### [EXTRACTED RECORDS]

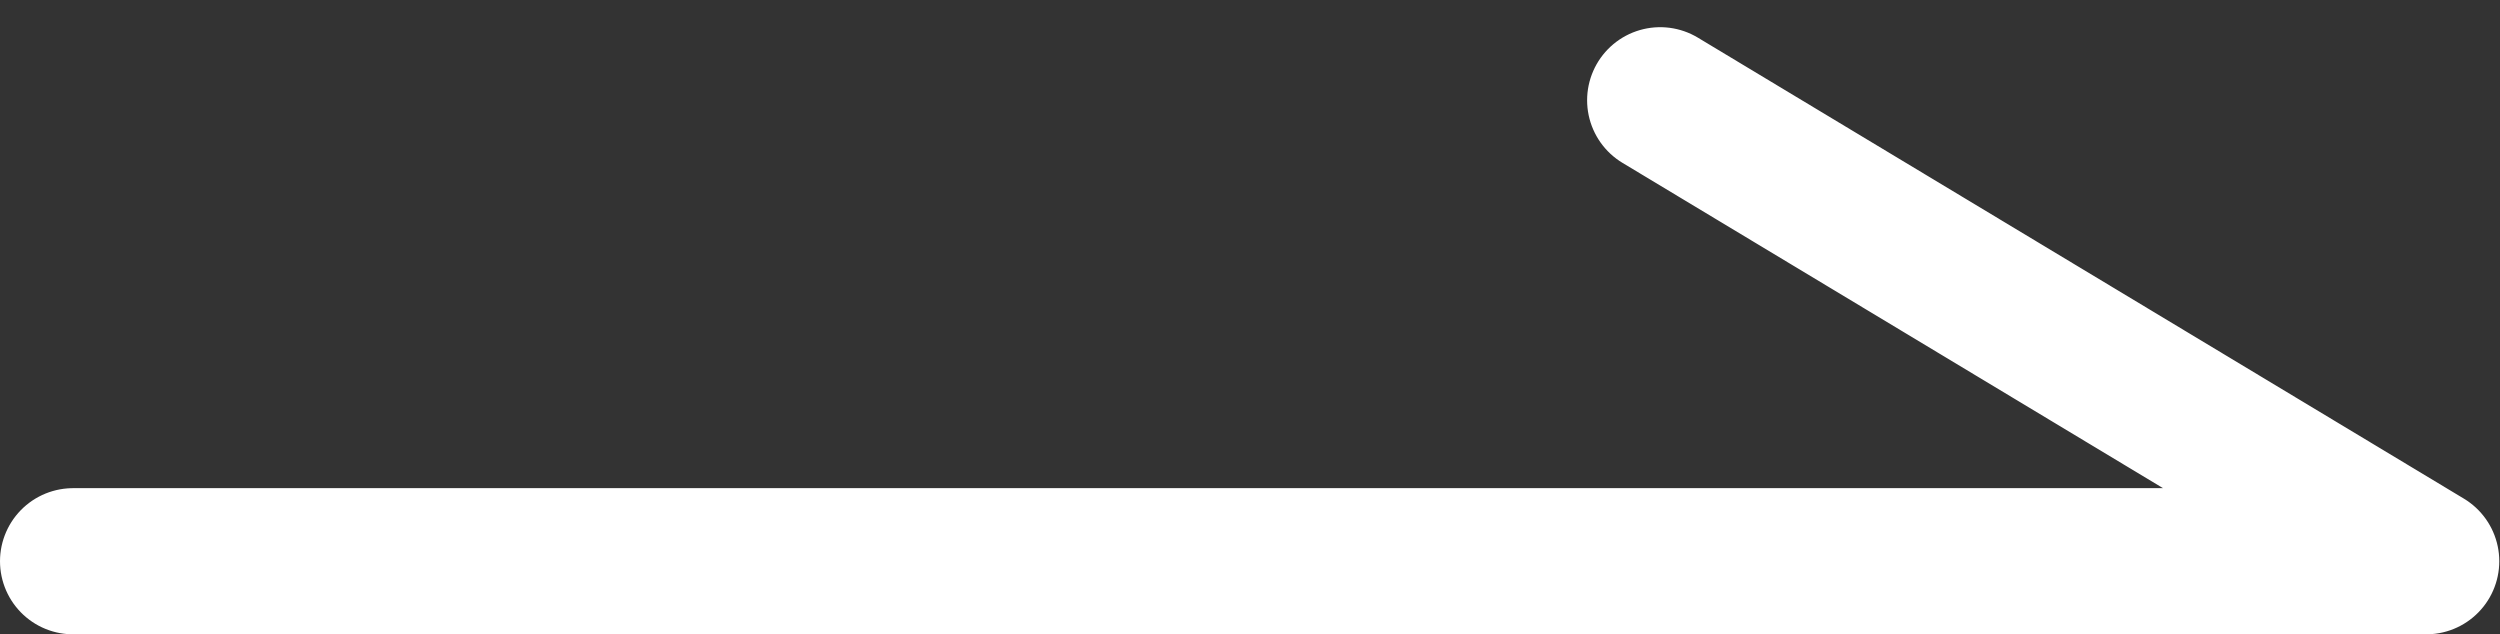 <svg xmlns="http://www.w3.org/2000/svg" width="17.105" height="4.34" viewBox="0 0 17.105 4.34">
  <rect x="0" y="0" width="17.105" height="4.34" fill="#333333" stroke="none"/>
  <path id="路径_16759" data-name="路径 16759" d="M602.008,2323.951h16.1l-5.241-3.154" transform="translate(-601.508 -2320.111)" fill="none" stroke="#fff" stroke-linecap="round" stroke-linejoin="round" stroke-width="1"/>
</svg>
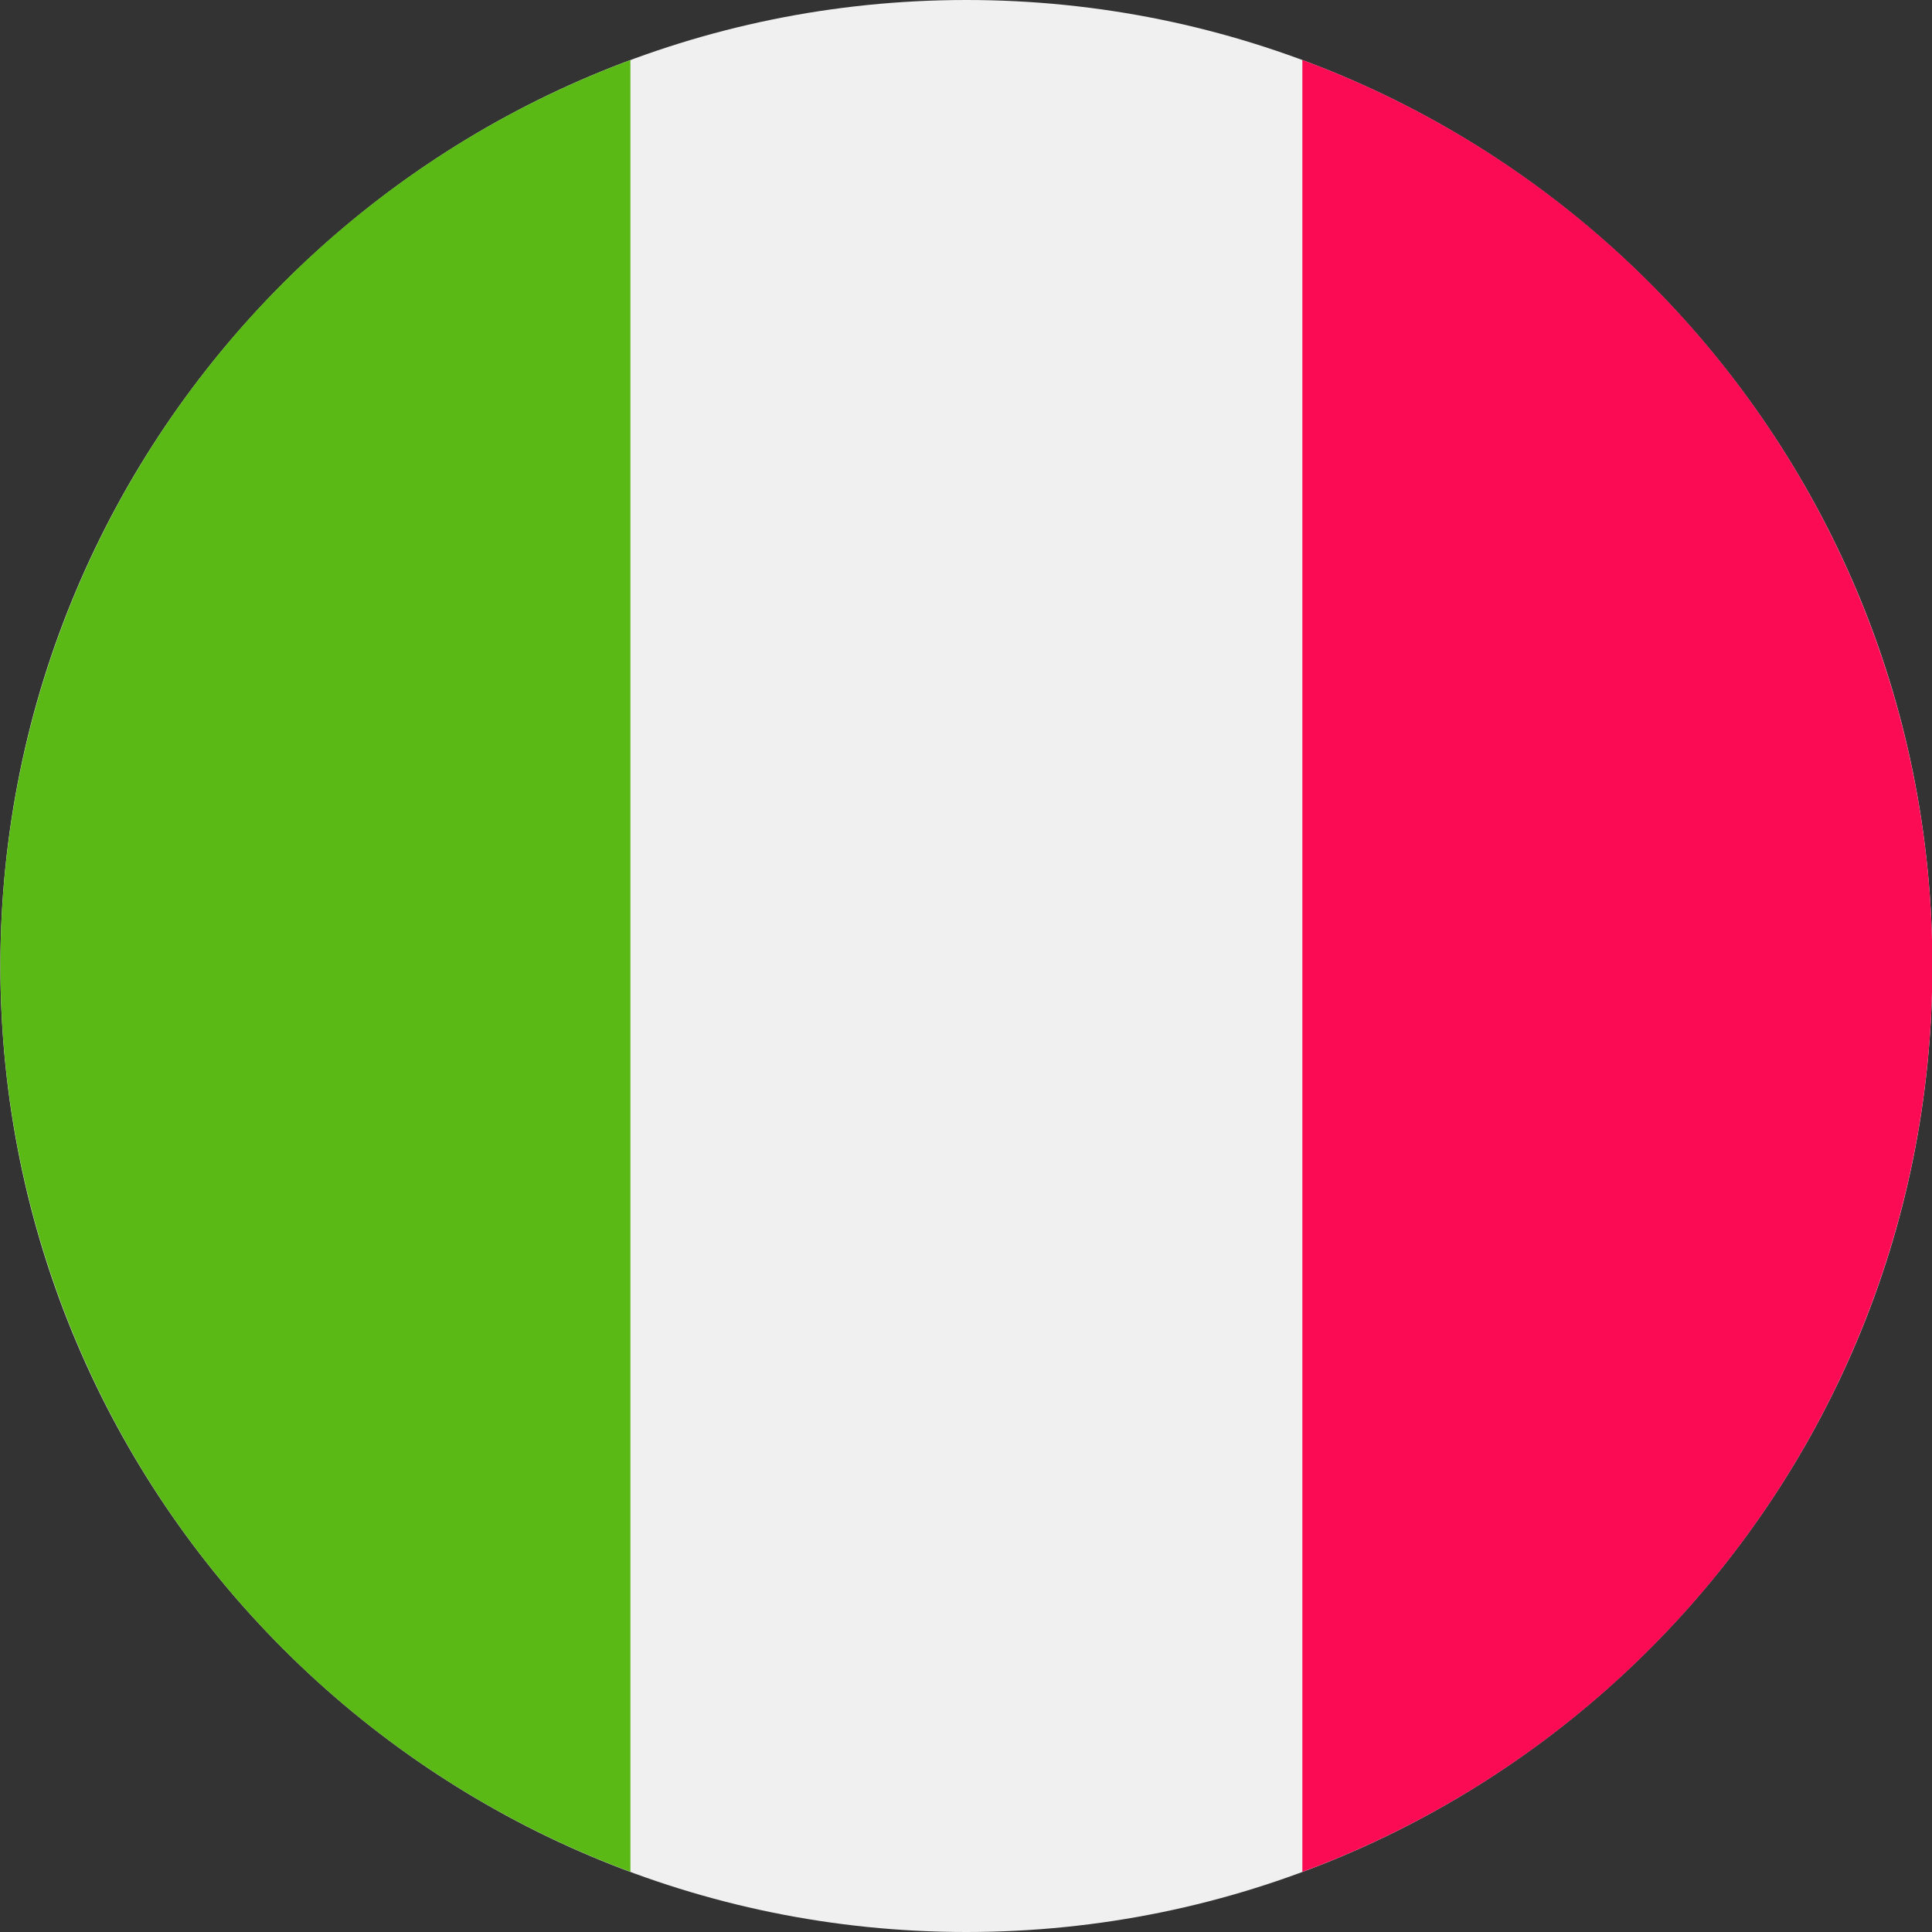 <?xml version="1.0" encoding="UTF-8"?> <svg xmlns="http://www.w3.org/2000/svg" width="20" height="20" viewBox="0 0 20 20" fill="none"><rect x="0" y="0" width="20" height="20" fill="#333333" stroke="none"/><g clip-path="url(#clip0_441_1592)"><path d="M9.816 19.49C15.068 19.49 19.326 15.271 19.326 10.066C19.326 4.861 15.068 0.642 9.816 0.642C4.564 0.642 0.306 4.861 0.306 10.066C0.306 15.271 4.564 19.49 9.816 19.49Z" fill="#F0F0F0"></path><path d="M10.004 20C15.527 20 20.004 15.523 20.004 10C20.004 4.477 15.527 0 10.004 0C4.482 0 0.004 4.477 0.004 10C0.004 15.523 4.482 20 10.004 20Z" fill="#F0F0F0"></path><path d="M20.004 9.999C20.005 7.957 19.38 5.964 18.214 4.287C17.048 2.611 15.397 1.331 13.482 0.621V19.378C15.397 18.668 17.049 17.388 18.215 15.711C19.381 14.035 20.005 12.041 20.004 9.999Z" fill="#FA0B54"></path><path d="M0.004 9.999C0.004 12.041 0.629 14.034 1.795 15.711C2.961 17.387 4.612 18.667 6.526 19.377V0.622C4.612 1.332 2.961 2.611 1.795 4.288C0.629 5.964 0.004 7.957 0.004 9.999Z" fill="#5AB915"></path></g><defs><clipPath id="clip0_441_1592"><rect width="20" height="20" fill="white" transform="translate(0.004)"></rect></clipPath></defs></svg>

### [TASK DIRECTIONS]
An exact copy of the listing is needed, minus its pictures.

### [ANSWER BOX]
 <svg xmlns="http://www.w3.org/2000/svg" width="17.105" height="4.34" viewBox="0 0 17.105 4.34">
  <rect x="0" y="0" width="17.105" height="4.34" fill="#333333" stroke="none"/>
  <path id="路径_16759" data-name="路径 16759" d="M602.008,2323.951h16.1l-5.241-3.154" transform="translate(-601.508 -2320.111)" fill="none" stroke="#fff" stroke-linecap="round" stroke-linejoin="round" stroke-width="1"/>
</svg>
 <?xml version="1.0" encoding="UTF-8"?> <svg xmlns="http://www.w3.org/2000/svg" width="20" height="20" viewBox="0 0 20 20" fill="none"><rect x="0" y="0" width="20" height="20" fill="#333333" stroke="none"/><g clip-path="url(#clip0_441_1592)"><path d="M9.816 19.49C15.068 19.49 19.326 15.271 19.326 10.066C19.326 4.861 15.068 0.642 9.816 0.642C4.564 0.642 0.306 4.861 0.306 10.066C0.306 15.271 4.564 19.49 9.816 19.49Z" fill="#F0F0F0"></path><path d="M10.004 20C15.527 20 20.004 15.523 20.004 10C20.004 4.477 15.527 0 10.004 0C4.482 0 0.004 4.477 0.004 10C0.004 15.523 4.482 20 10.004 20Z" fill="#F0F0F0"></path><path d="M20.004 9.999C20.005 7.957 19.38 5.964 18.214 4.287C17.048 2.611 15.397 1.331 13.482 0.621V19.378C15.397 18.668 17.049 17.388 18.215 15.711C19.381 14.035 20.005 12.041 20.004 9.999Z" fill="#FA0B54"></path><path d="M0.004 9.999C0.004 12.041 0.629 14.034 1.795 15.711C2.961 17.387 4.612 18.667 6.526 19.377V0.622C4.612 1.332 2.961 2.611 1.795 4.288C0.629 5.964 0.004 7.957 0.004 9.999Z" fill="#5AB915"></path></g><defs><clipPath id="clip0_441_1592"><rect width="20" height="20" fill="white" transform="translate(0.004)"></rect></clipPath></defs></svg>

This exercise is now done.